Example 8: Cobalt and gamma alumina-based catalyst recipe 2 with co-processing feed.
[00112] A catalyst with composition Co-Ni-Gamma Alumina catalyst is loaded into a fixed bed reactor. Post activation catalyst is evaluated at 400oC, 30barg pressure at Gas/oil ratio of 1935 (Gas / oil ratio is volumetric ratio of syngas/Used cooking oil at which they are being fed to the reactor) where in the syngas has H2:CO ratio of 2:1. Lower hydrogen concentrations are targeted to reduce the formation of lighter hydrocarbons. A space velocity LHSV of 910 h-1 (this is the volumetric ratio of total feed to catalyst) is maintained and a WHSV of 1.47 (this is the mass flowrate of feed per hour / weight of catalyst). The experiments were conducted for 17 hours and samples are collected for analysis.
[00113] The liquid product is analyzed using FTIR (Fourier Transform Infrared Spectroscopy) where various hydrocarbon with and without functional groups were identified. These FTIR plots are compared with that of feed to identify the conversions with respect to class and category.
FIG. 9(g) and FIG. 9(h) shows a minuscule conversion of esters in feed UCO to carboxylic acids, while apart of carboxylic acids might have also got converted to products, but the same is ruled out as there was no alkane and alkene formation identified in FIG. 9(b, c, d, e). But a slight increase in carboxylic acid content is inferred is FIG. 9(h) the same resulted an increase in acid number as shared in FIG. 10.

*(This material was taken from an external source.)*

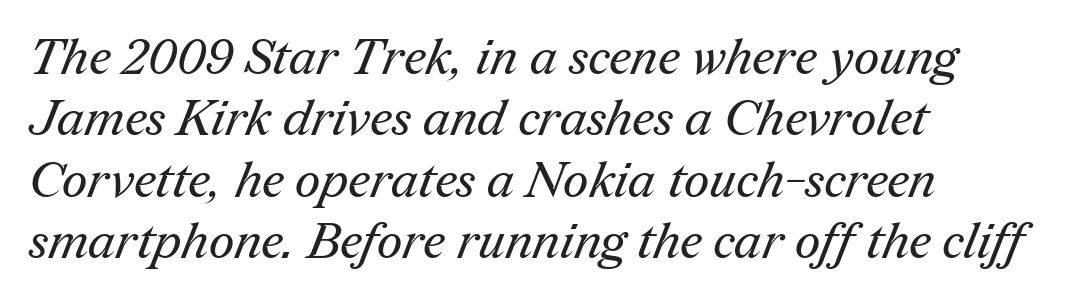
{"serif": "yes", "bold": "no", "weight": "regular", "width": "normal", "stroke_contrast": "medium", "x_height": "medium", "monospaced": "no", "underline": "no", "align": "left", "line_spacing_ratio": 1.23, "letter_spacing": "normal", "letter_spacing_em": 0.0, "glyph_px": 50}
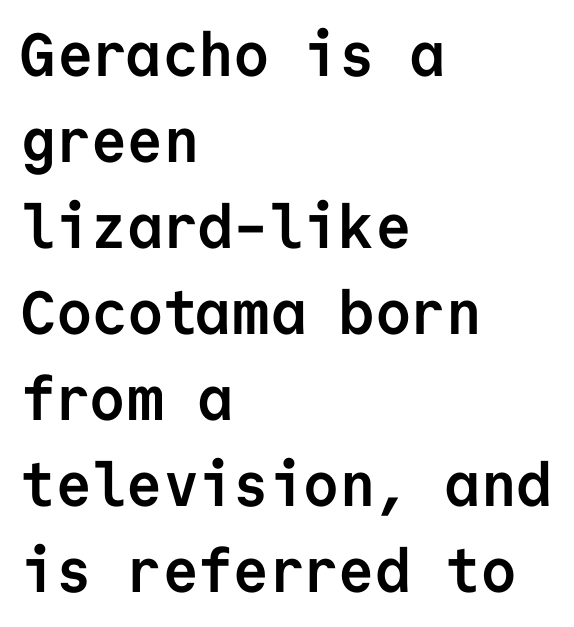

[00114] From FIG. 9 and FIG. 10 it is evident that negligible UCO conversion took place, however any conversion through CO will result a change in boiling point distribution of feed and liquid product effluent. This distillation curve is also important to assess the yield of fuel range hydrocarbons. from FIG. 11 wherein we can find almost no change in boiling point distribution and a slight CO conversion was also observed signifying the consumption of CO released during the UCO conversion.
Example 9: Iron and gamma alumina-based catalyst recipe 1 with co-processing feed.
[00115] A catalyst with composition Fe-Co-K-Gamma Alumina catalyst is loaded into a fixed bed reactor. Post activation catalyst is evaluated at 400oC, 30barg pressure at Gas/oil ratio of 1364 (Gas / oil ratio is volumetric ratio of syngas/Used cooking oil at which they are being fed to the reactor) where in the syngas has H2:CO ratio of 2:1. A space velocity LHSV of 846 h-1 (this is the volumetric ratio of total feed to catalyst) is maintained and a WHSV of 1.87 (this is the mass flowrate of feed per hour / weight of catalyst). The experiments were conducted for 17 hours and samples are collected for analysis.
[00116] The liquid product is analyzed using FTIR (Fourier Transform Infrared Spectroscopy) where various hydrocarbon with and without functional groups were identified. These FTIR plots are compared with that of feed to identify the conversions with respect to class and category.
[00117] FIG. 12(g) and FIG. 12(h) shows conversion of esters in feed UCO to carboxylic acids, while apart of carboxylic acids might have also got converted to products, as there was some alkene formation identified in FIG. 12 (c). the conversion of esters to carboxylic acid content is also validated through increase in acid number as shared in FIG.13.
[00118] From above results it is evident that UCO conversion took place. The cracking induced in the reaction and the formation of alkenes resulted a change in boiling point distribution of liquid product with respect to feed and the same can be inferred from FIG. 14. This also shows that major fraction of ATF and Diesel range molecules along with a miniscule amount of gasoline are present in the liquid product. Due to the involvement of cracking reactions and a significant hydrocarbon yield, iodine number is analysed for assessing the hydrogenation characteristics. Though FIG. 15 shows improved iodine numbers when compared to feed but inorder to use as fuel the liquid product need to undergo post treatment.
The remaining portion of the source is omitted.